Dual dynamic programming for stochastic programs over an infinite horizon
Caleb Ju, Guanghui Lan
TL;DR
The paper tackles infinite-horizon, stationary multi-stage stochastic programs with discounted costs by developing CE-Inf-EDDP, a continually-exploring variant of explorative dual dynamic programming that shares the favorable complexity of state-of-the-art methods while improving practical performance. It introduces a basic Inf-EDDP framework with forward/backward phases, a stage-wise SAA, and a saturation-based trial-point strategy that propagates cutting-plane updates across stages, leading to non-asymptotic convergence guarantees.
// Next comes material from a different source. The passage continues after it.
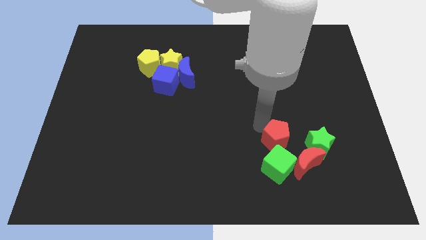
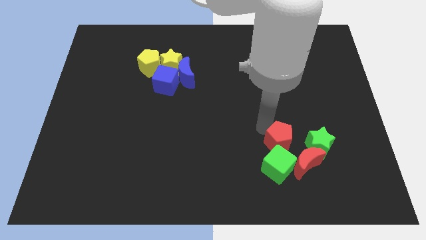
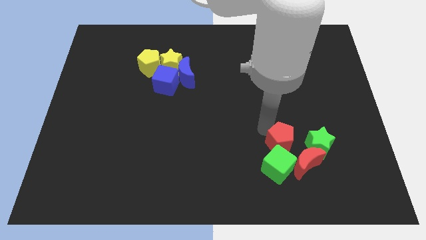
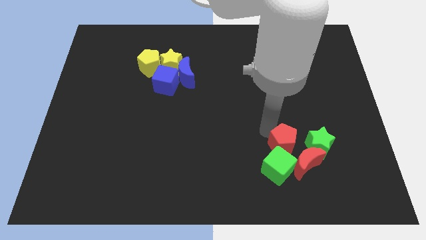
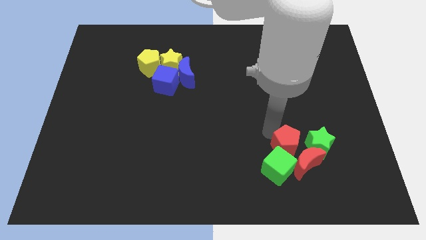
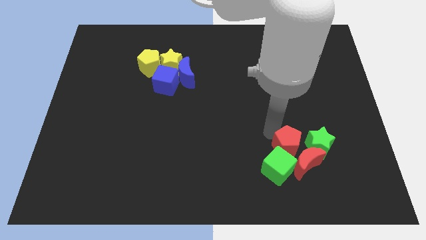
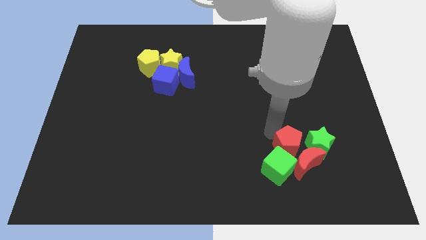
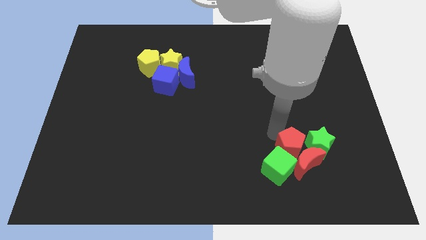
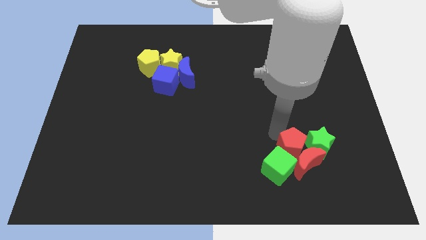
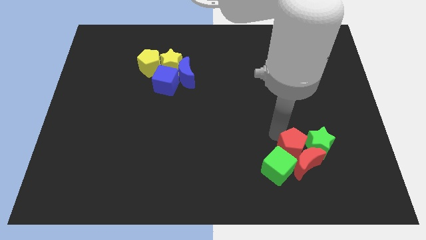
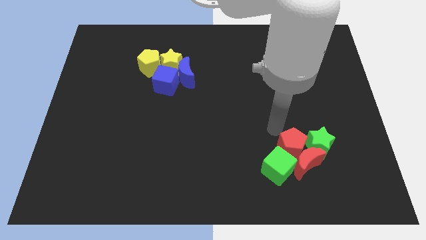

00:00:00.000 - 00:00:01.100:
place the red pentagon in between the green star and green cube

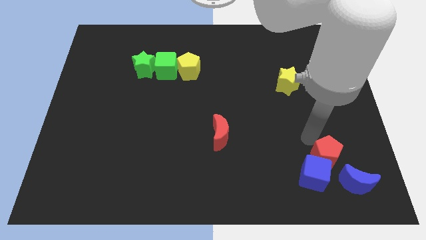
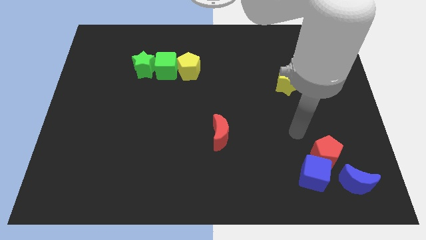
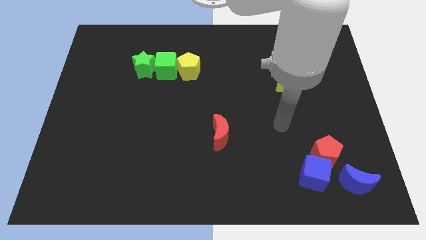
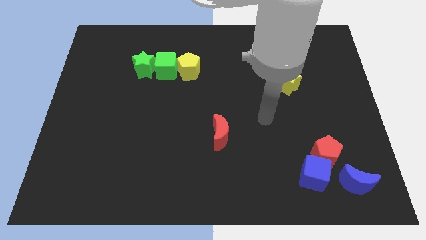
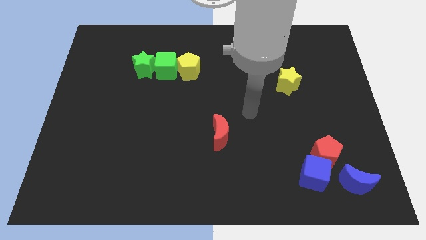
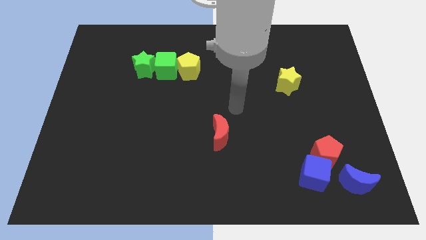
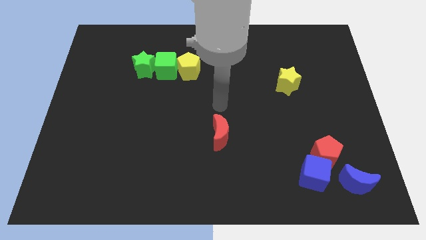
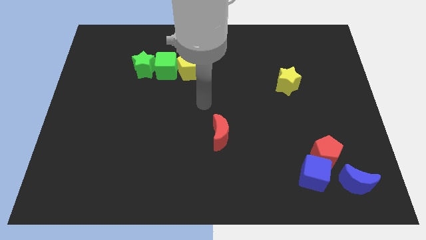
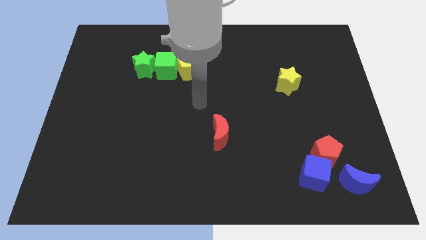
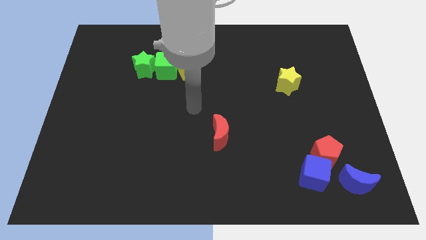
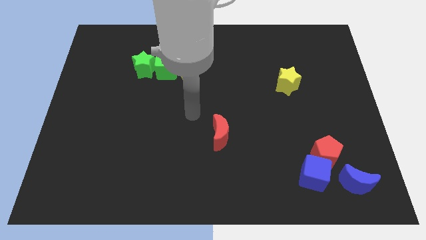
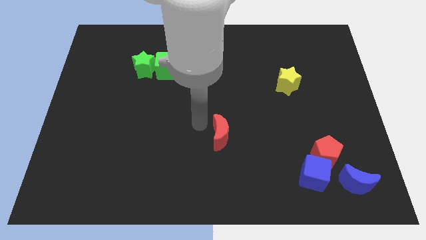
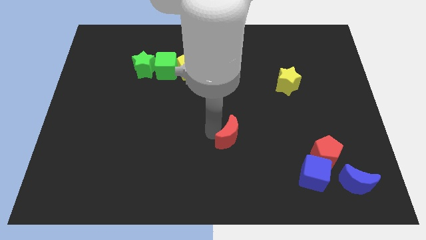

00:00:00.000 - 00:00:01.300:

To further reduce dependence on the effective horizon $T$, it proposes Case 1 and Case 2 variants (collectively CE-Inf-EDDP), including Case 1 with a theoretical bound $K=4T(D/\epsilon+1)^n$, and extends the approach to hierarchical stationary problems via 2-stage stochastic approximation (2SSA) inside a CE-Inf-HDDP framework with provable sample and iteration complexities. The authors support their methods with extensive numerical experiments on infinite-horizon newsvendor, risk-averse variants, hydrothermal planning, and a newsvendor with secondary assembly, demonstrating tight dual bounds, favorable runtimes, and effective policy generalization compared with finite-horizon methods and randomized SDDP variants. The work contributes non-asymptotic analysis, horizon-robust exploration, and a scalable hierarchy-capable DDP toolkit, with open-source code to promote reproducibility and application in energy and supply-chain domains.
Abstract
We consider solving stochastic programs over an infinite horizon. By leveraging the stationarity of problem, we develop a novel continually-exploring infinite-horizon explorative dual dynamic programming (CE-Inf-EDDP) algorithm that matches state-of-the-art complexity while providing encouraging numerical performance on the newsvendor and hydrothermal planning problem. CE-Inf-EDDP conceptually differs from previous dual dynamic programming approaches by exploring the feasible region longer and updating the cutting-plane model more frequently. In addition, our algorithm can handle both simple linear to more complex nonlinear costs. To demonstrate this, we extend our algorithm to handle the so-called hierarchical stationary stochastic program, where the cost function is a parametric multi-stage stochastic program. The hierarchical program can model problems with a hierarchy of decision-making, e.g., how long-term decisions influence day-to-day operations. As a concrete example, we introduce a newsvendor problem that includes a second-stage multi-product assembly serving as a secondary market.